Keep the pictures out of the copy and print all the entries below exactly.

-------- Supplied records

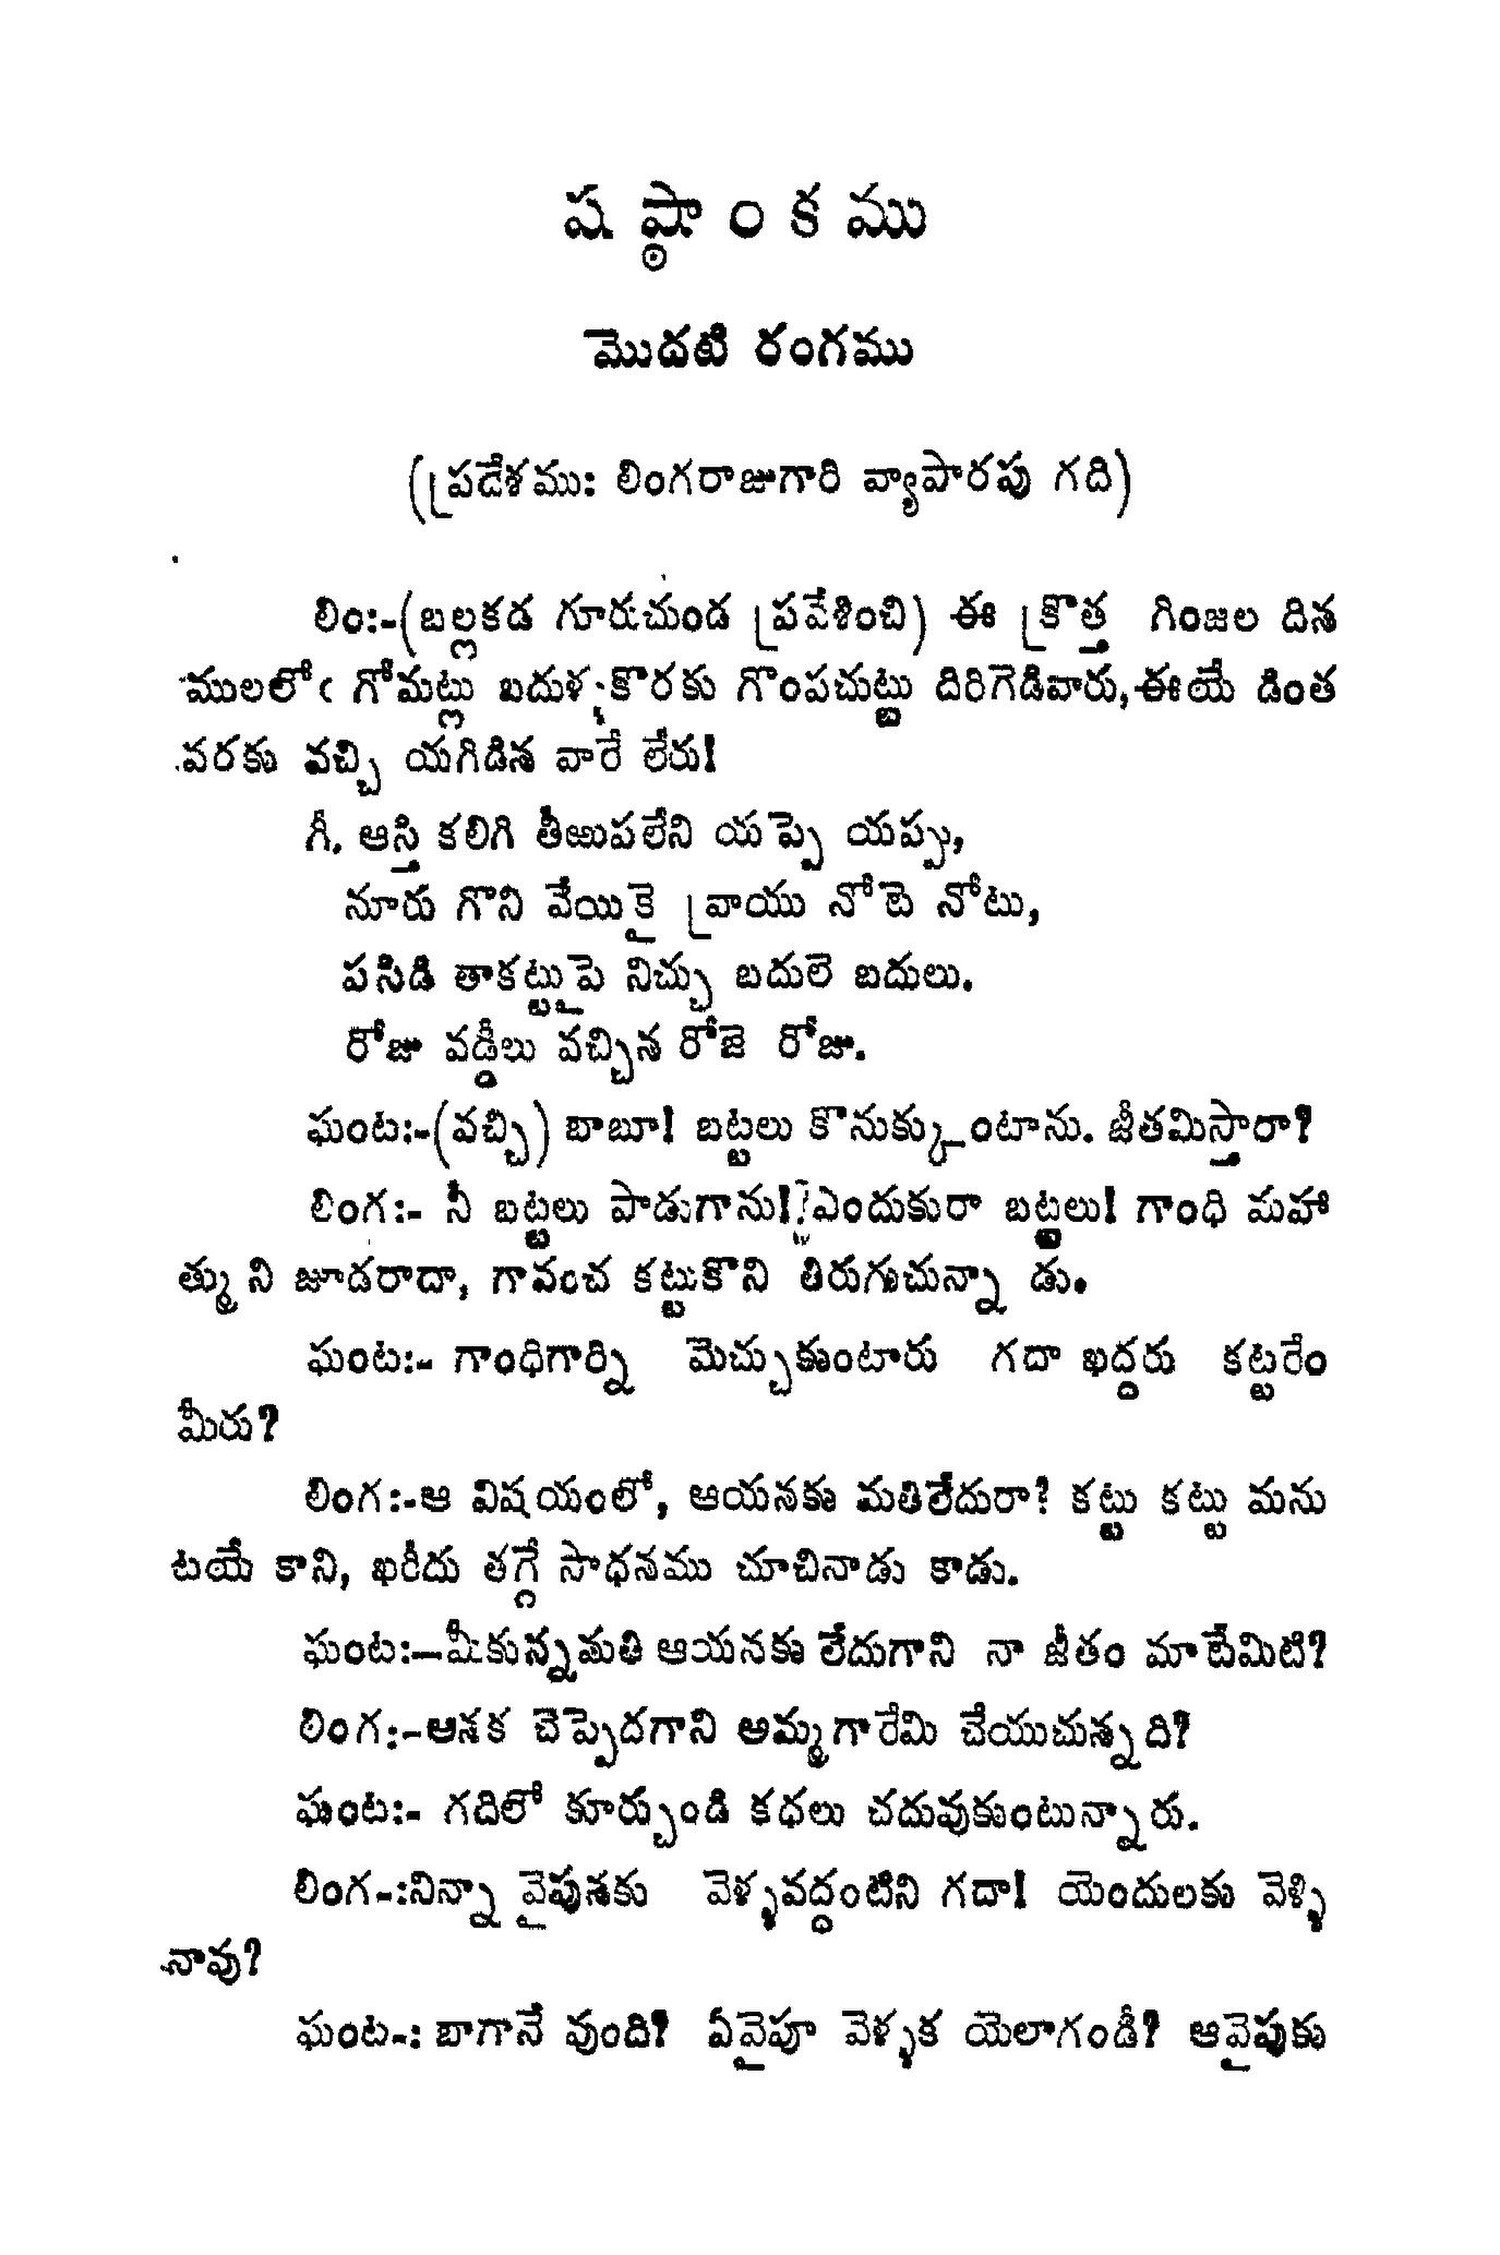షష్ఠాంకము 
మొదటి రంగము

లింగ :- (బల్లకడ గూరుచుండ ప్రవేశించి) ఈ క్రొత్త గింజల దినములలోఁ గోమట్లు బదుళ్ళకొరకుఁ గొంపచుట్టు దిరిగెడివారు. ఈయేఁ డింతవరకు వచ్చి యడిగిన వారే లేరు!

గీ. ఆస్తి కలిగి తీఱుపలేని యప్పె యప్పు,
 నూరు గొని వేయికై వ్రాయు నోటె నోటు,
 పసిడి తాకట్టుపై నిచ్చు బదులె బదులు,
 రోజు వడ్డీలు వచ్చిన రోజె రోజు.
ఘంట :- (వచ్చి) బాబూ! బట్టలు కొనుక్కుంటాను. జీతమిస్తారా?

లింగ :- నీ బట్టలు పాడుగాను! ఎందుకురా బట్టలు! గాంధి మహాత్ముని జూడరాదా, గావంచా కట్టుకొని తిరుగుచున్నాడు.

ఘంట :- గాంధిగార్ని మెచ్చుకుంటారు గదా ఖద్దరు కట్టరేం మీరు?

లింగ :- ఆవిషయములో, ఆయనకు మతిలేదురా! కట్టు కట్టు మనుటయే కాని, ఖరీదు తగ్గే సాధనము చూచినాడు కాడు.

ఘంట :- మీకున్నమతి ఆయనకు లేదుగాని నాజీతం మాటేమిటి?

లింగ :- ఆనక చెప్పెదగాని అమ్మగారేమి చేయుచున్నది?

ఘంట :- గదిలో కూర్చుండి కథలు చదువుకుంటున్నారు.

లింగ :- నిన్నా వైపునకు వెళ్ళవద్దంటిని గదా యెందులకు వెళ్ళినావు?

ఘంట :- బాగానే వుంది! యేవైపూ వెళ్ళక యెల్లాగండీ? ఆవైపుకు

----------------

» Exercise answer
షష్ఠాంకము 
మొదటి రంగము

లింగ :- (బల్లకడ గూరుచుండ ప్రవేశించి) ఈ క్రొత్త గింజల దినములలోఁ గోమట్లు బదుళ్ళకొరకుఁ గొంపచుట్టు దిరిగెడివారు. ఈయేఁ డింతవరకు వచ్చి యడిగిన వారే లేరు!

గీ. ఆస్తి కలిగి తీఱుపలేని యప్పె యప్పు,
 నూరు గొని వేయికై వ్రాయు నోటె నోటు,
 పసిడి తాకట్టుపై నిచ్చు బదులె బదులు,
 రోజు వడ్డీలు వచ్చిన రోజె రోజు.
ఘంట :- (వచ్చి) బాబూ! బట్టలు కొనుక్కుంటాను. జీతమిస్తారా?

లింగ :- నీ బట్టలు పాడుగాను! ఎందుకురా బట్టలు! గాంధి మహాత్ముని జూడరాదా, గావంచా కట్టుకొని తిరుగుచున్నాడు.

ఘంట :- గాంధిగార్ని మెచ్చుకుంటారు గదా ఖద్దరు కట్టరేం మీరు?

లింగ :- ఆవిషయములో, ఆయనకు మతిలేదురా! కట్టు కట్టు మనుటయే కాని, ఖరీదు తగ్గే సాధనము చూచినాడు కాడు.

ఘంట :- మీకున్నమతి ఆయనకు లేదుగాని నాజీతం మాటేమిటి?

లింగ :- ఆనక చెప్పెదగాని అమ్మగారేమి చేయుచున్నది?

ఘంట :- గదిలో కూర్చుండి కథలు చదువుకుంటున్నారు.

లింగ :- నిన్నా వైపునకు వెళ్ళవద్దంటిని గదా యెందులకు వెళ్ళినావు?

ఘంట :- బాగానే వుంది! యేవైపూ వెళ్ళక యెల్లాగండీ? ఆవైపుకు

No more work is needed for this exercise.